───── Records for this exercise

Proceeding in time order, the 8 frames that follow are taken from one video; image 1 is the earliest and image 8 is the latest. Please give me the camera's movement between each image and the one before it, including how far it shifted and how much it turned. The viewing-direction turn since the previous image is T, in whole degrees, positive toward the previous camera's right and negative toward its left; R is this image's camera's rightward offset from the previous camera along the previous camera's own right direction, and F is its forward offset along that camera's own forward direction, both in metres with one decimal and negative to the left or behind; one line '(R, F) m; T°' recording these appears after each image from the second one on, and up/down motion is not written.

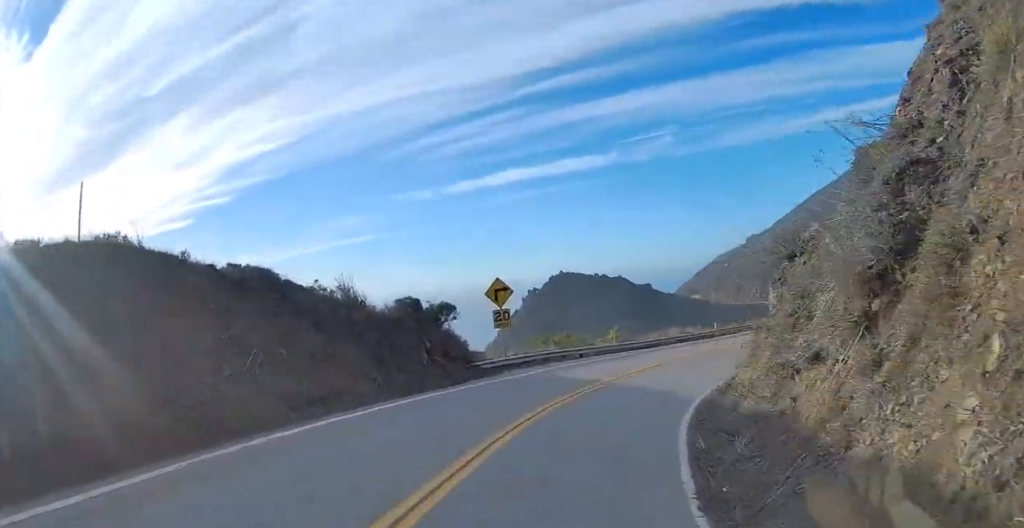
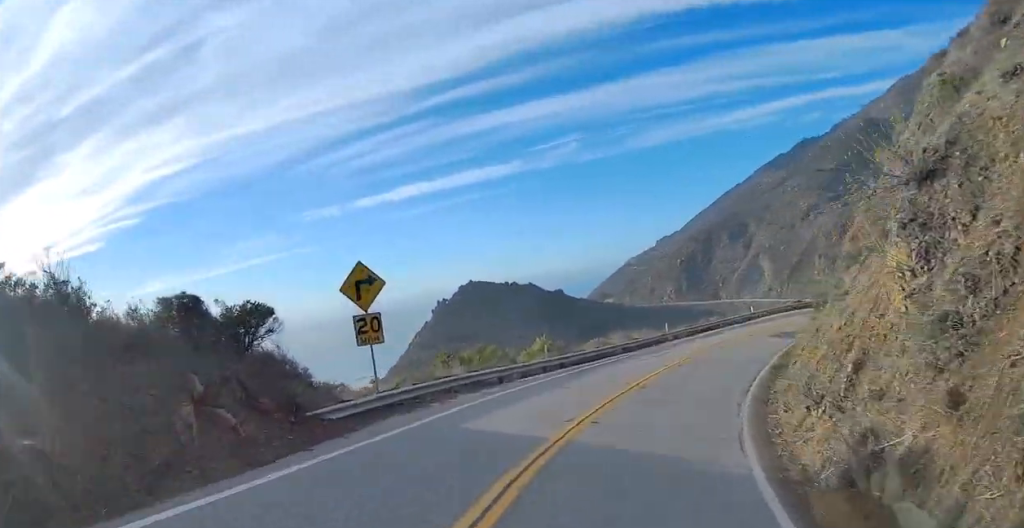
(+0.5, +11.4) m; +9°
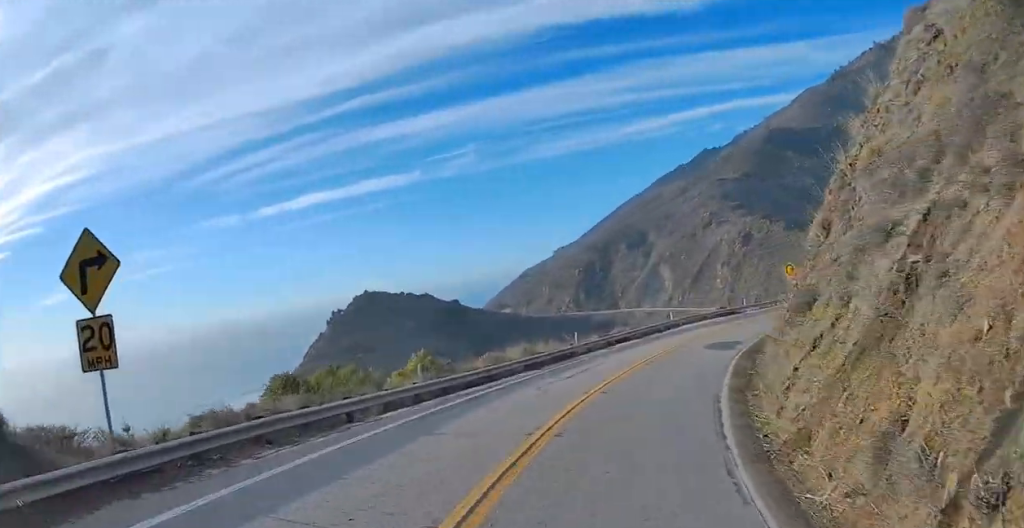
(+0.6, +7.2) m; +9°
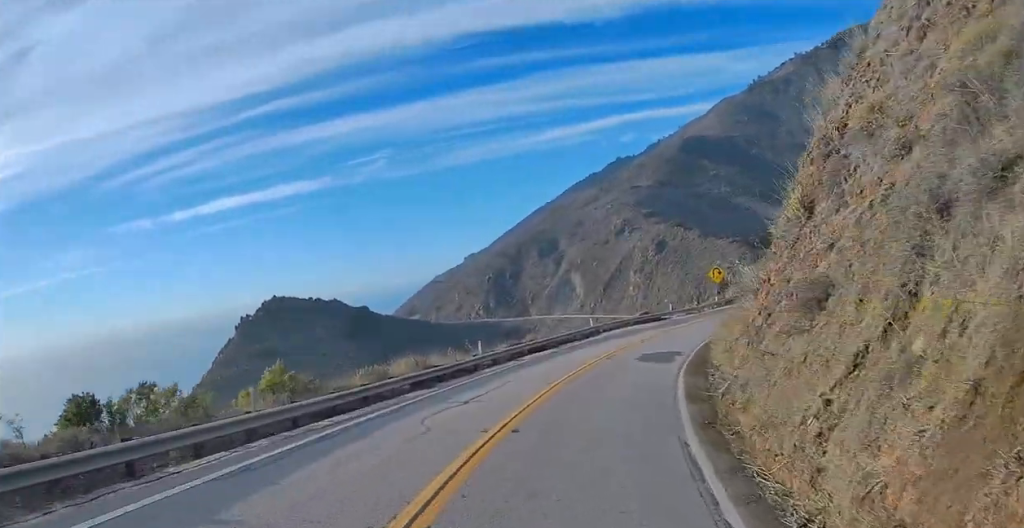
(+0.5, +5.7) m; +6°
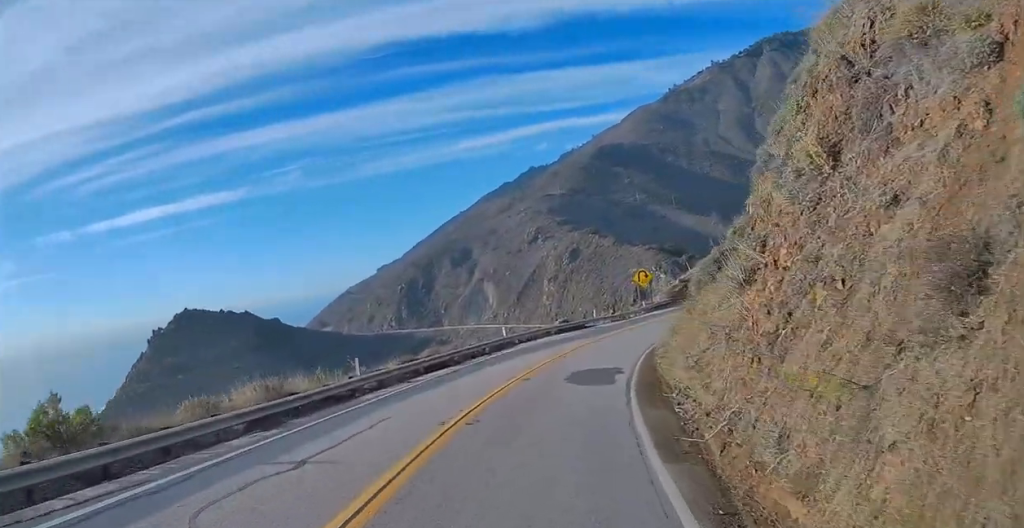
(+0.6, +6.4) m; +6°
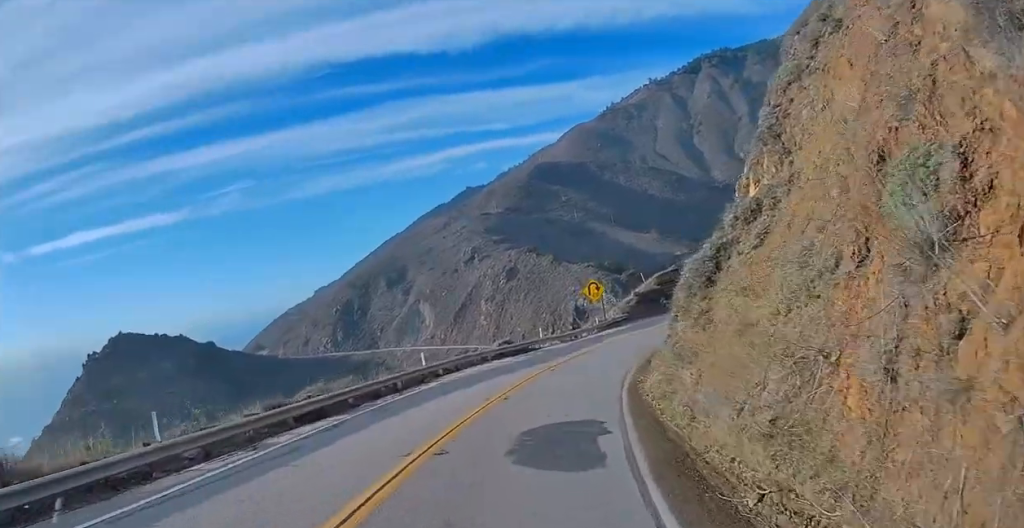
(+0.3, +8.4) m; +3°
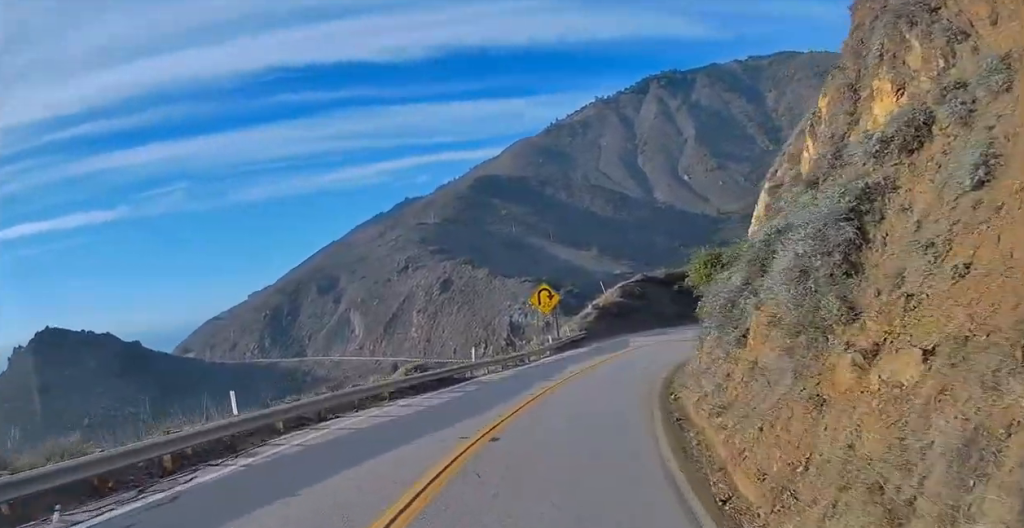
(+0.5, +13.1) m; +6°
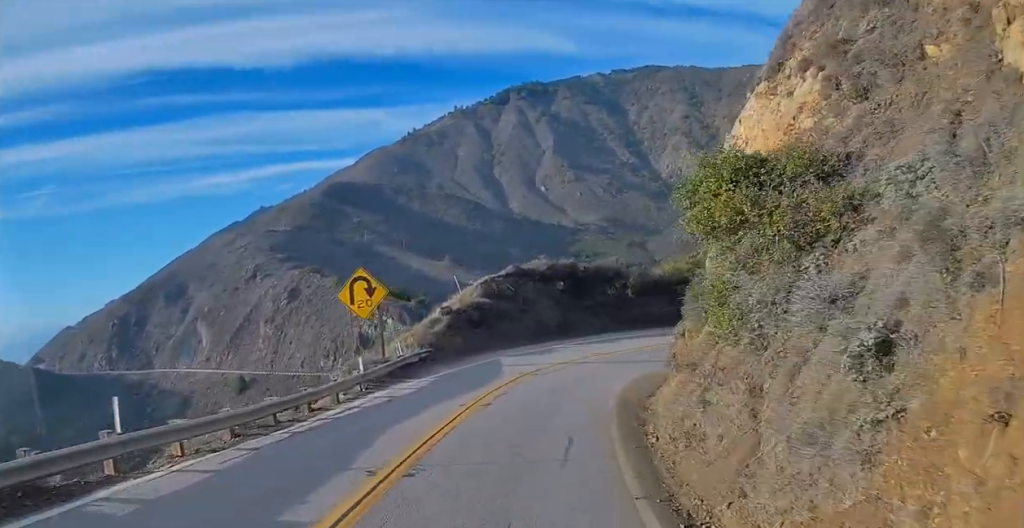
(+1.4, +15.9) m; +11°

──────────

Write out the records above once more, word for word, with no pictures.

Proceeding in time order, the 8 frames that follow are taken from one video; image 1 is the earliest and image 8 is the latest. Please give me the camera's movement between each image and the one before it, including how far it shifted and how much it turned. The viewing-direction turn since the previous image is T, in whole degrees, positive toward the previous camera's right and negative toward its left; R is this image's camera's rightward offset from the previous camera along the previous camera's own right direction, and F is its forward offset along that camera's own forward direction, both in metres with one decimal and negative to the left or behind; one line '(R, F) m; T°' recording these appears after each image from the second one on, and up/down motion is not written.

(+0.5, +11.4) m; +9°
(+0.6, +7.2) m; +9°
(+0.5, +5.7) m; +6°
(+0.6, +6.4) m; +6°
(+0.3, +8.4) m; +3°
(+0.5, +13.1) m; +6°
(+1.4, +15.9) m; +11°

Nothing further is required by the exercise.